Desert springs and wetlands are among the most biologically productive, diverse, and fragile ecosystems on Earth. They are home to thousands of rare, endemic, and endangered plants and animals and reflect the availability and health of emergent groundwater. Despite the ecological importance of these wetlands, our knowledge of how they might respond to predicted future climate change is limited. This project seeks to understand how springs and wetlands in the Mojave Desert responded to past abrupt warming events, which may be analogs for future conditions. To accomplish this, USGS scientists will reconstruct the hydrologic history of ancient spring ecosystems and establish patterns and rates of change in groundwater availability by investigating paleowetland deposits dating to the latest Pleistocene and Holocene. The results will provide critical information for developing strategies aimed at managing these fragile ecosystems and mitigating the effects of climate change in the arid lands of the American Southwest.
Statement of Problem: The southwestern U.S. is the hottest and driest region in North America and is especially susceptible to drought. Climate models predict this region will become progressively hotter and drier throughout the remainder of the 21st century, and future droughts will be more frequent, intense, and longer lasting than what has been recorded thus far in the historical record. Higher temperatures and changes in the amount and spatial patterns of rainfall and snowpack will affect the lives and economies of more than 50 million people currently living in the region, forcing increased competition for limited water supplies between agriculture and energy sectors, urban populations, and plant and animal life. This presents a tremendous challenge for managing water resources for human consumption while anticipating and minimizing the potential impact on fragile desert ecosystems.

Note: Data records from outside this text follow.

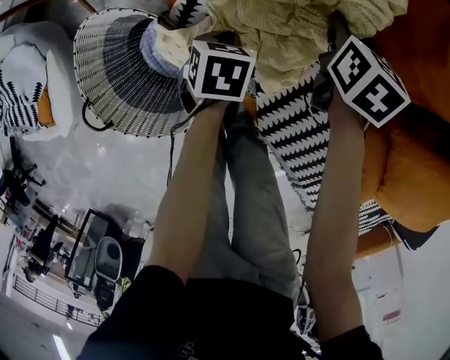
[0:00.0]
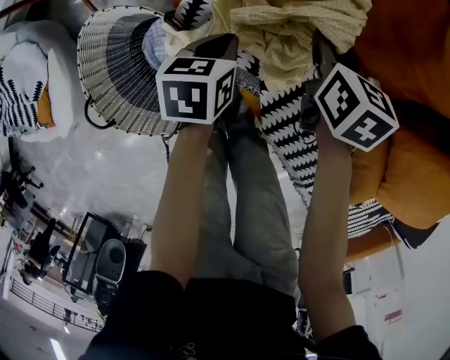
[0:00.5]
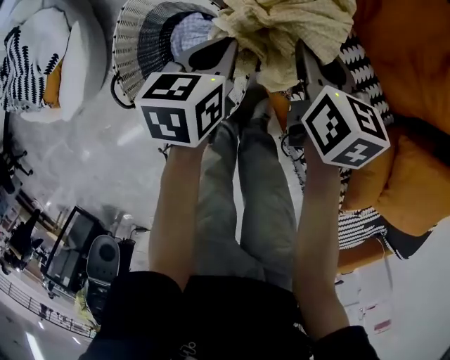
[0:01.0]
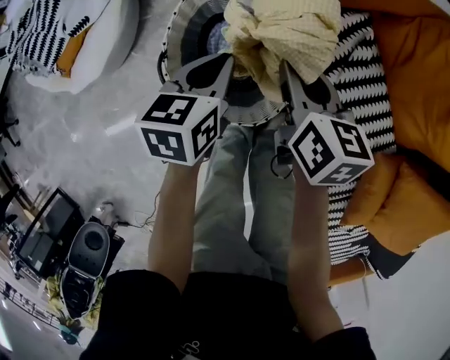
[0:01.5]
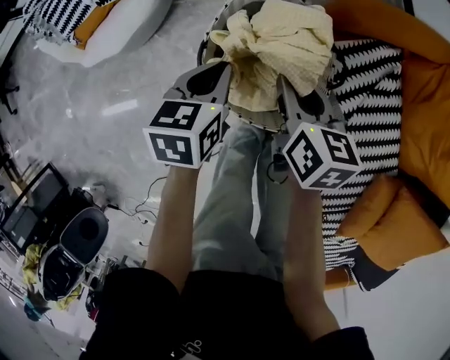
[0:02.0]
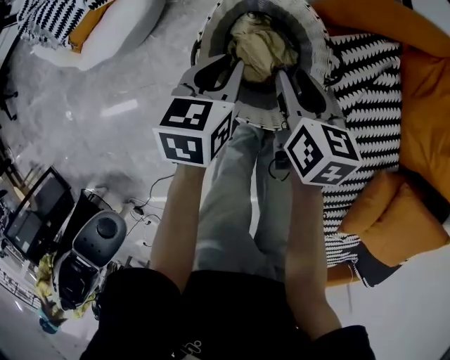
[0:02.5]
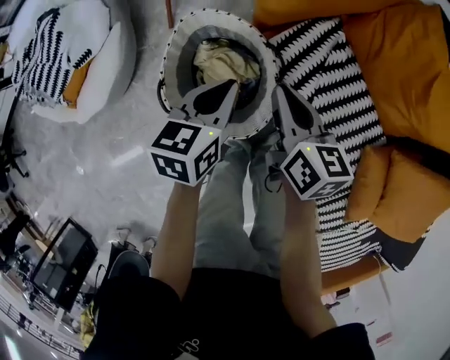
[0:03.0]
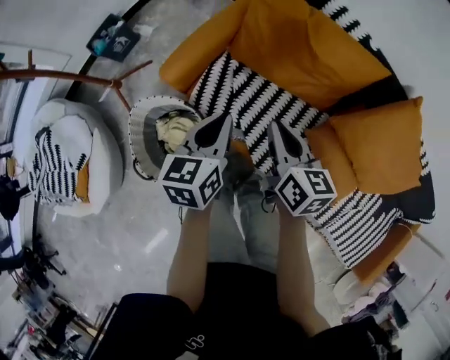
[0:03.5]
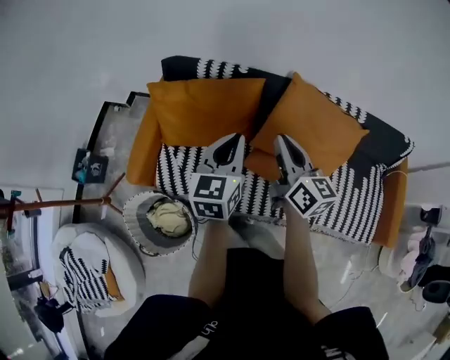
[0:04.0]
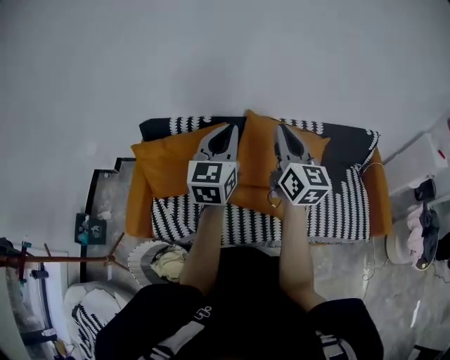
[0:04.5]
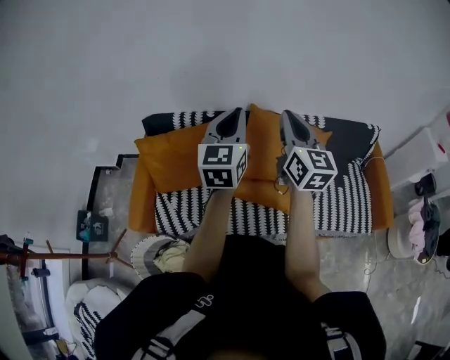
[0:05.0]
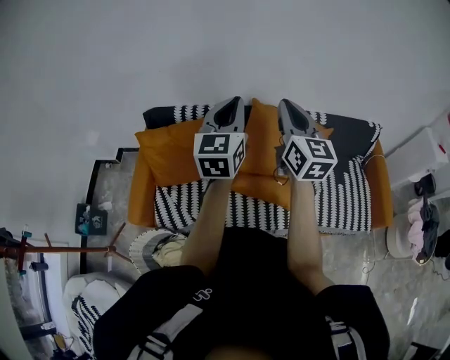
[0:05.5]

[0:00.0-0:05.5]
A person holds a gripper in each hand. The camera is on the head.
0:00.0 to 0:02.0: The left gripper shifts by some 40 cm, and swivels approximately 40 degrees; the right gripper ends up approximately 50 cm from where it was, and swivels some 40 degrees.
0:02.0 to 0:03.5: The left gripper changes place by approximately 40 cm, and swivels about 40 degrees. The right gripper ends up about 40 cm from where it was, and turns by some 40 degrees.
0:03.5 to 0:05.5: The right gripper shifts roughly 40 cm upward, and turns by about 60 degrees. The left gripper shifts by some 50 cm, and turns by approximately 50 degrees.

Why this Research is Important: Desert springs and wetlands provide windows into the health of aquifers and groundwater-fed ecosystems in arid environments. They are exceptionally sensitive to changes in climate and can act as harbingers for future conditions, but only if we quantitatively understand how they responded to abrupt climate events in the past. This study will establish the first regional-scale, multi-proxy hydroclimate record for the Mojave Desert that spans the time interval from the latest Pleistocene to Holocene and historical times (approximately the past 15,000 years). The results will provide critical input for federal, state, and local resource managers and other stakeholders for developing strategies aimed at protecting spring ecosystems in light of projected future conditions. In addition, the results will provide robust, ground-truthed data that can be used to test climate models and improve constraints on regional climate projections.

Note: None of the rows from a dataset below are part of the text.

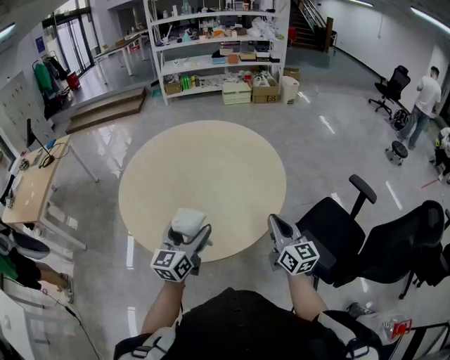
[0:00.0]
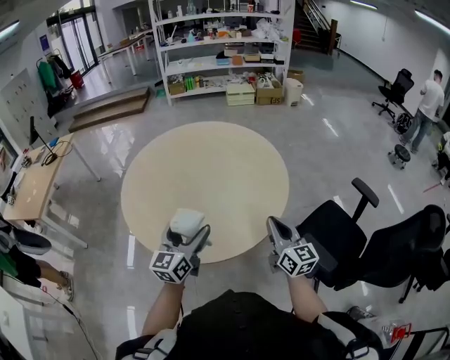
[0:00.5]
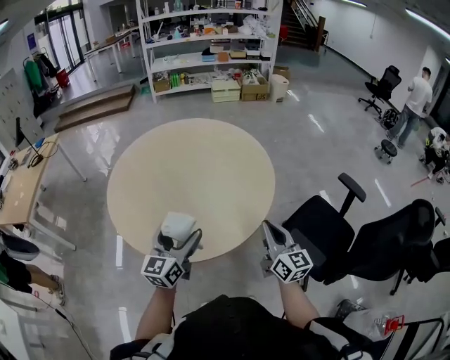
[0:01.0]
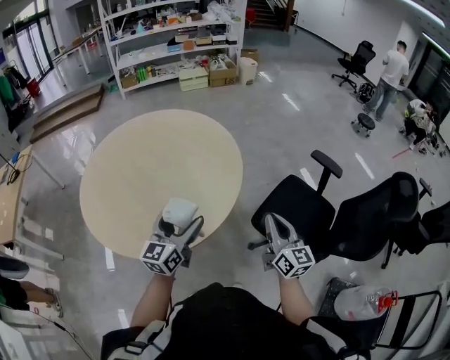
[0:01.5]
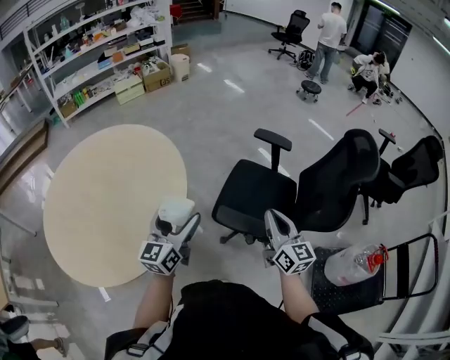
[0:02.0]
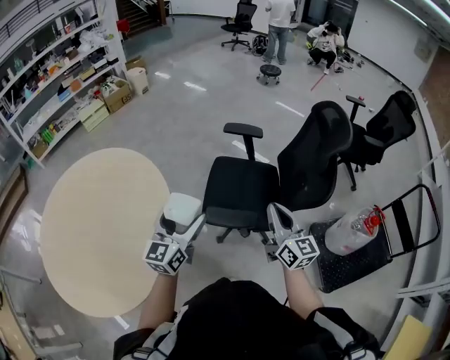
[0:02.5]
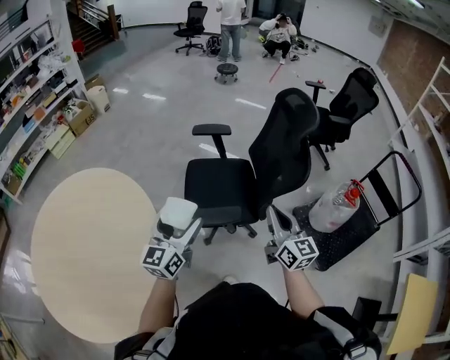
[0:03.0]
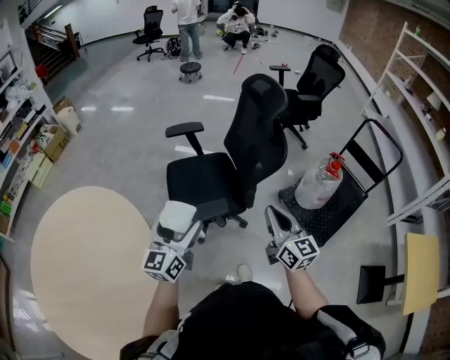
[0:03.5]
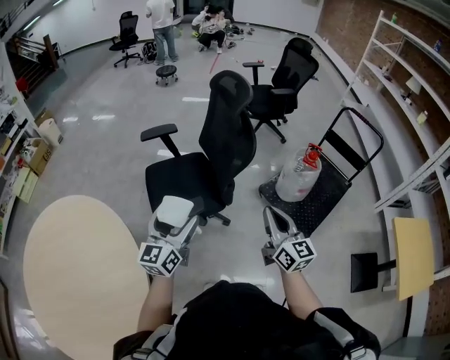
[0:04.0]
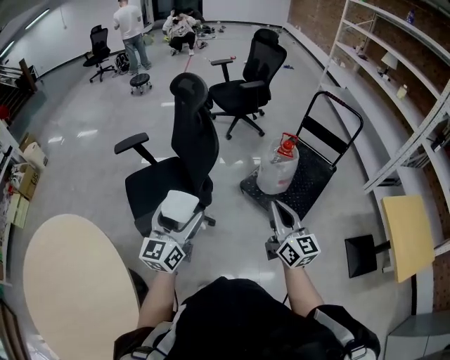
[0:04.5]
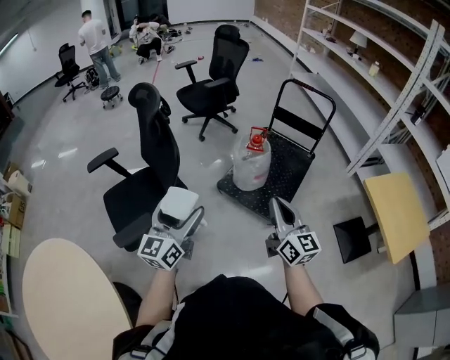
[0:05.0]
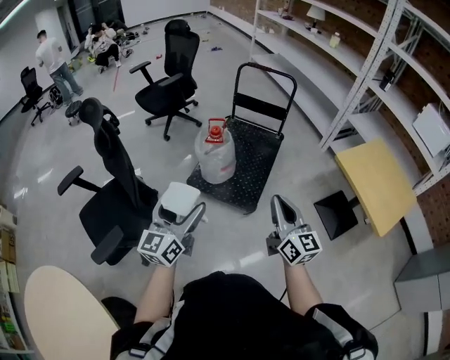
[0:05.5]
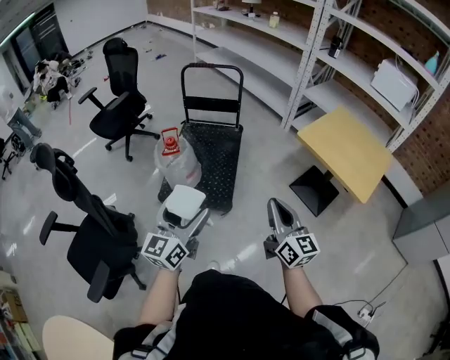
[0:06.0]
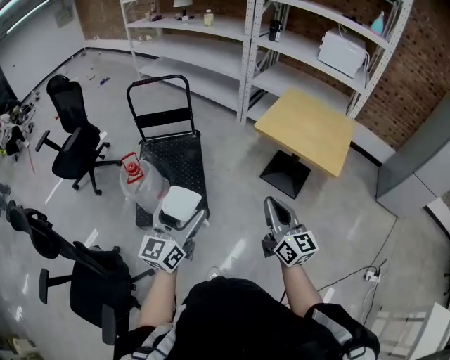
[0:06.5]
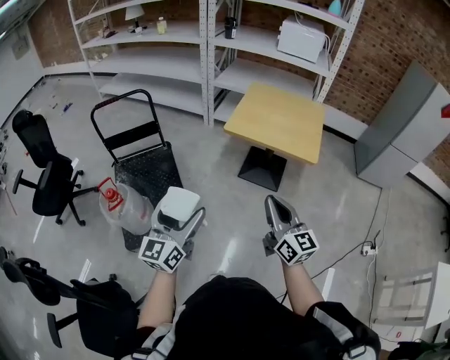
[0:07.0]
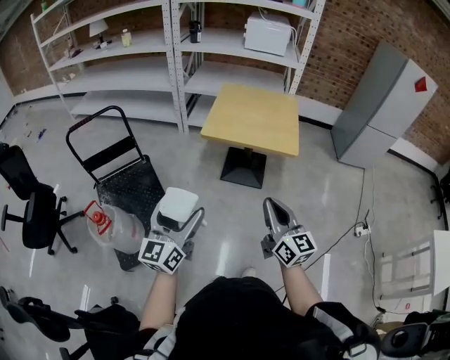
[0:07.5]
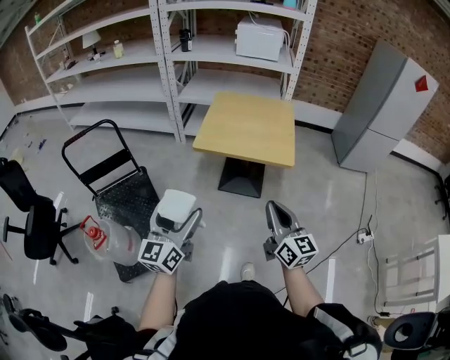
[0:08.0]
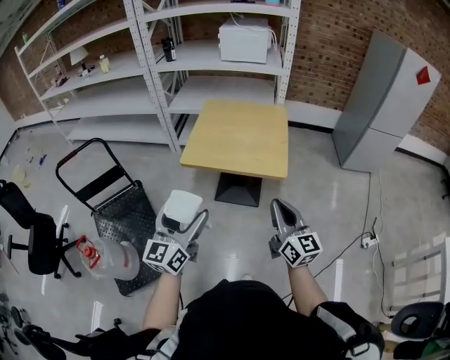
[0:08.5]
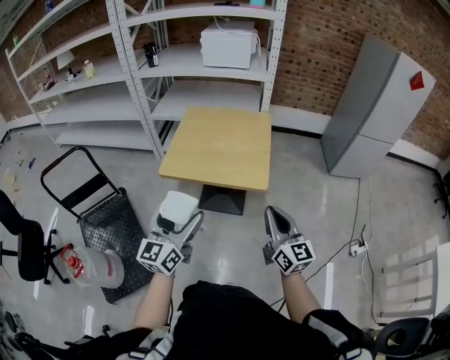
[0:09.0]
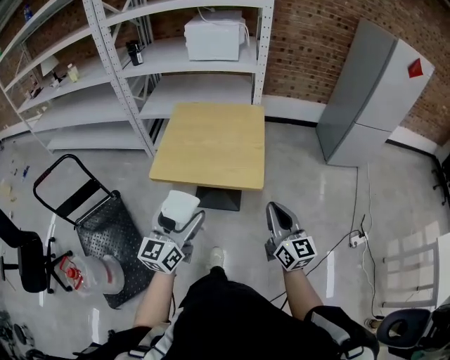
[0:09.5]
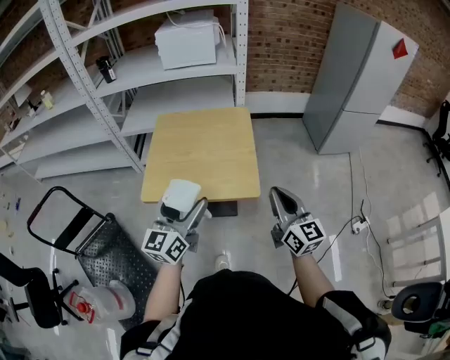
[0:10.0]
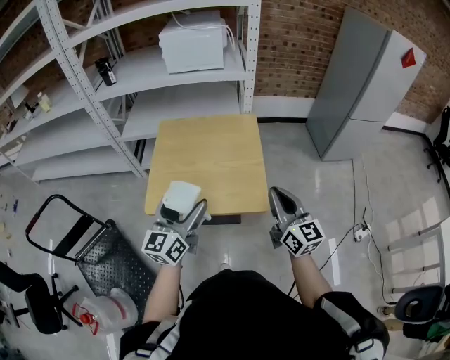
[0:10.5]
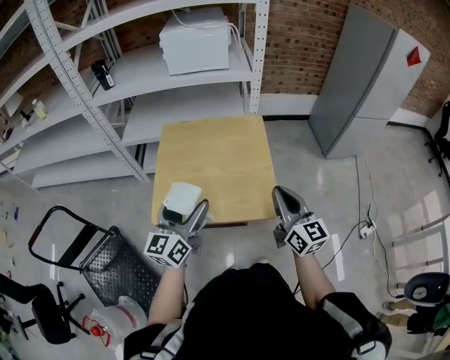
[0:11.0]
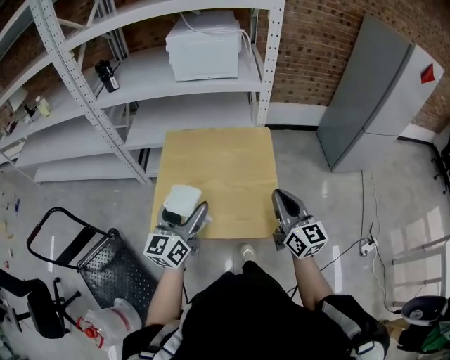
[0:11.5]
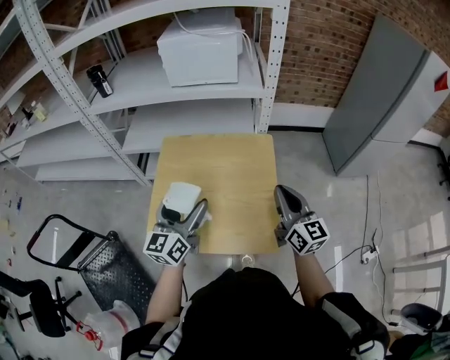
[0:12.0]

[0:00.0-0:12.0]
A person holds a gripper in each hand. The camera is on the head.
0:00.0 to 0:02.0: The right gripper changes place by some 30 cm, and swivels some 30 degrees. Meanwhile the left gripper moves roughly 30 cm, and swivels approximately 30 degrees.
0:02.0 to 0:04.0: The left gripper ends up approximately 20 cm from where it was, and turns by some 50 degrees. The right gripper changes place by some 25 cm, and changes its angle by about 40 degrees.
0:04.0 to 0:06.0: Both grippers are carried about 50 cm. The right gripper swivels about 50 degrees; the left gripper changes its angle by roughly 50 degrees.
0:06.0 to 0:08.0: The left gripper ends up some 25 cm from where it was, and changes its angle by roughly 40 degrees; the right gripper shifts by roughly 20 cm, and rotates some 40 degrees.
0:08.0 to 0:10.0: The two grippers go approximately 35 cm forward and to the right.
0:10.0 to 0:12.0: Both grippers travel together forward, approximately 25 cm.

Objective(s): The primary objective of this project is to understand how spring ecosystems responded to subtle and short-lived episodes of abrupt climate change during the recent geologic past. To accomplish this, we will document the response of desert spring ecosystems to climate variability and land-use changes during the late Quaternary. The resulting data will be synthesized to create the first regional-scale hydroclimate record for the southwestern U.S. that spans this time period. These efforts will contribute to the USGS national-scale effort to quantify Holocene hydroclimate conditions and provide critical context to inform current and future management and conservation of extant desert springs and wetlands.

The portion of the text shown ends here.